The word "bold" marks the lines to report; pull each of them from the listing.

▶ Data
---

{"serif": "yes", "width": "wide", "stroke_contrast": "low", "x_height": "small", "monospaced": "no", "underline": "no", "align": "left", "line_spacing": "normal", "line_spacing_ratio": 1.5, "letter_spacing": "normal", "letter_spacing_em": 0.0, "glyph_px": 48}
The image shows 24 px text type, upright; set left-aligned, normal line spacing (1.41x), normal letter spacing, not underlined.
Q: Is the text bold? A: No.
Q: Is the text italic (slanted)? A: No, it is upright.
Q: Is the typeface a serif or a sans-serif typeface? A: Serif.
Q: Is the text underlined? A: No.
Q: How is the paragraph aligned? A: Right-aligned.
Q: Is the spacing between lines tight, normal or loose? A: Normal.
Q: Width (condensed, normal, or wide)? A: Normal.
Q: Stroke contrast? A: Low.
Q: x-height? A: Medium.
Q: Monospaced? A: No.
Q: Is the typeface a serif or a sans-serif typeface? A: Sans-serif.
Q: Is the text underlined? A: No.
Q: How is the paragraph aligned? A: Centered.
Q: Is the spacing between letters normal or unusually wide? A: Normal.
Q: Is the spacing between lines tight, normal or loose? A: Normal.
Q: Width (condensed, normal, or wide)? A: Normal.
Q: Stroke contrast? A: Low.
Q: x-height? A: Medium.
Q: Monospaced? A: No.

---

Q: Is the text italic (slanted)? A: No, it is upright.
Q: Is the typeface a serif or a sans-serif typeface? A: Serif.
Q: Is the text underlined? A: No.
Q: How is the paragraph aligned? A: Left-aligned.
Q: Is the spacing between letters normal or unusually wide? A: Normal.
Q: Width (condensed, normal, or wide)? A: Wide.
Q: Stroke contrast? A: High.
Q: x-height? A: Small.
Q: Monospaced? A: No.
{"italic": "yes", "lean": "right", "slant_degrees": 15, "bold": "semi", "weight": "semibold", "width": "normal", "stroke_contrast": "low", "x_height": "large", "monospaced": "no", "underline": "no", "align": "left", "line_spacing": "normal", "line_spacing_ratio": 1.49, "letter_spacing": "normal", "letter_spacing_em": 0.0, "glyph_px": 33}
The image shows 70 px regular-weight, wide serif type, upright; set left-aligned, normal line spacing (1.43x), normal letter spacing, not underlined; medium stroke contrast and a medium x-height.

---

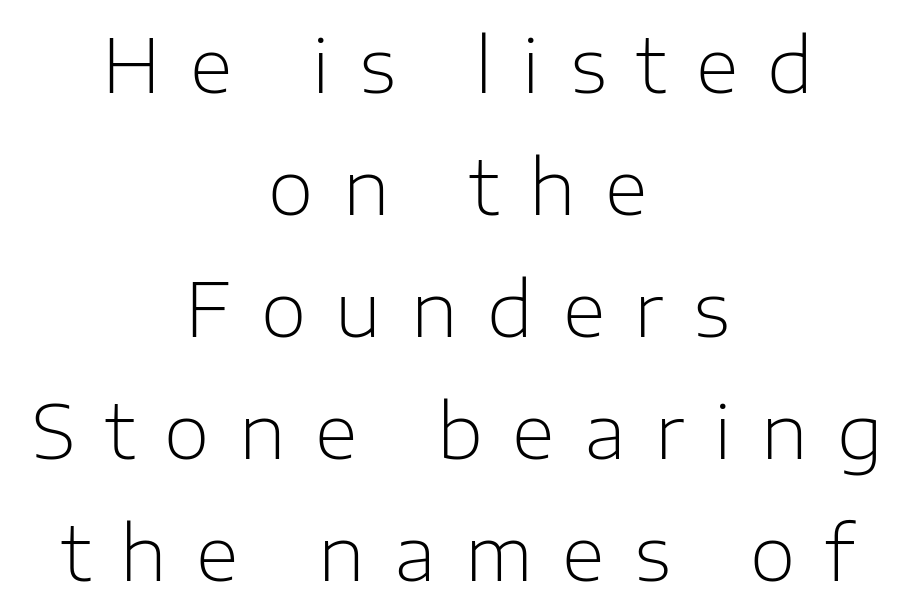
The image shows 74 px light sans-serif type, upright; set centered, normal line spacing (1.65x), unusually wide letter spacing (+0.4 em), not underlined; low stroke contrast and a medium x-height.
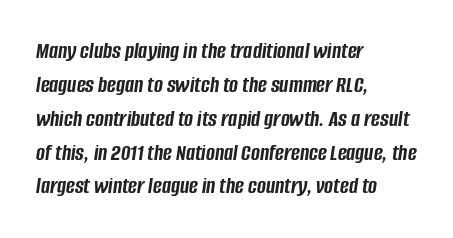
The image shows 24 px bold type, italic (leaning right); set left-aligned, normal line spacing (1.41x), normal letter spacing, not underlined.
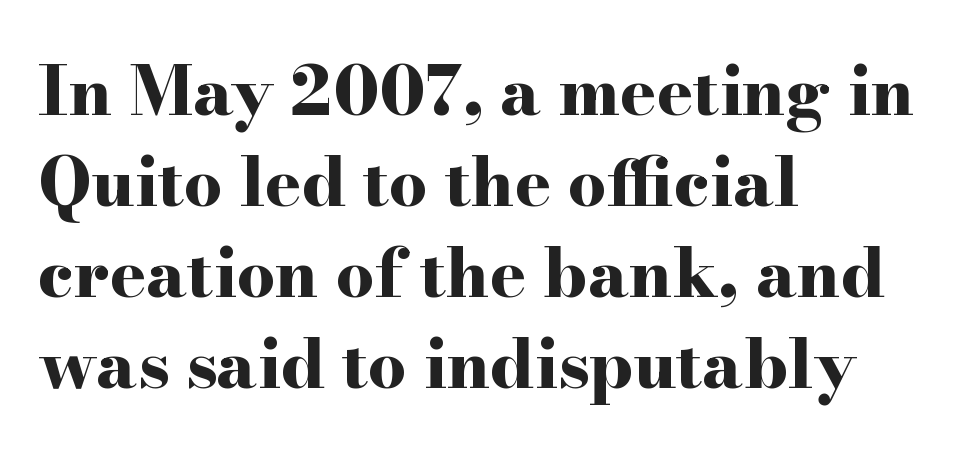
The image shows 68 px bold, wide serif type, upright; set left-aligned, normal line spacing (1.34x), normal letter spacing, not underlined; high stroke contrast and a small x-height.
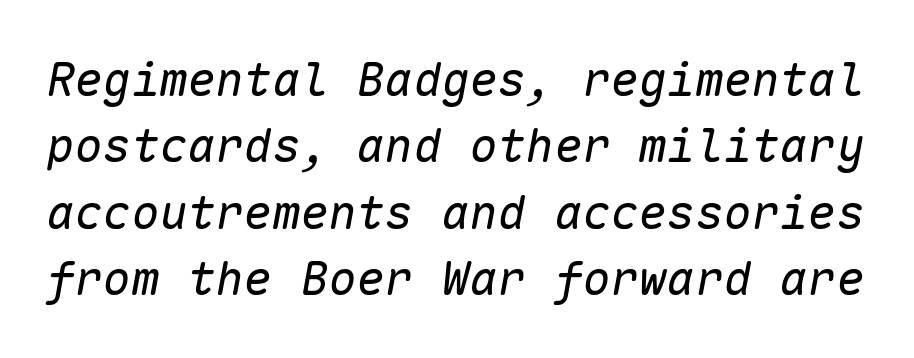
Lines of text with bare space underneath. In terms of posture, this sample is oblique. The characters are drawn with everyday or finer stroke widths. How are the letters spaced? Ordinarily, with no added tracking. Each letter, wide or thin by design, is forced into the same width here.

---

▶ Task output
Q: Is the text bold? A: No.
{"italic": "yes", "lean": "right", "slant_degrees": 15, "bold": "semi", "weight": "semibold", "width": "normal", "stroke_contrast": "low", "x_height": "large", "monospaced": "no", "underline": "no", "align": "left", "line_spacing": "normal", "line_spacing_ratio": 1.49, "letter_spacing": "normal", "letter_spacing_em": 0.0, "glyph_px": 33}
The image shows 24 px bold type, italic (leaning right); set left-aligned, normal line spacing (1.41x), normal letter spacing, not underlined.
The image shows 68 px bold, wide serif type, upright; set left-aligned, normal line spacing (1.34x), normal letter spacing, not underlined; high stroke contrast and a small x-height.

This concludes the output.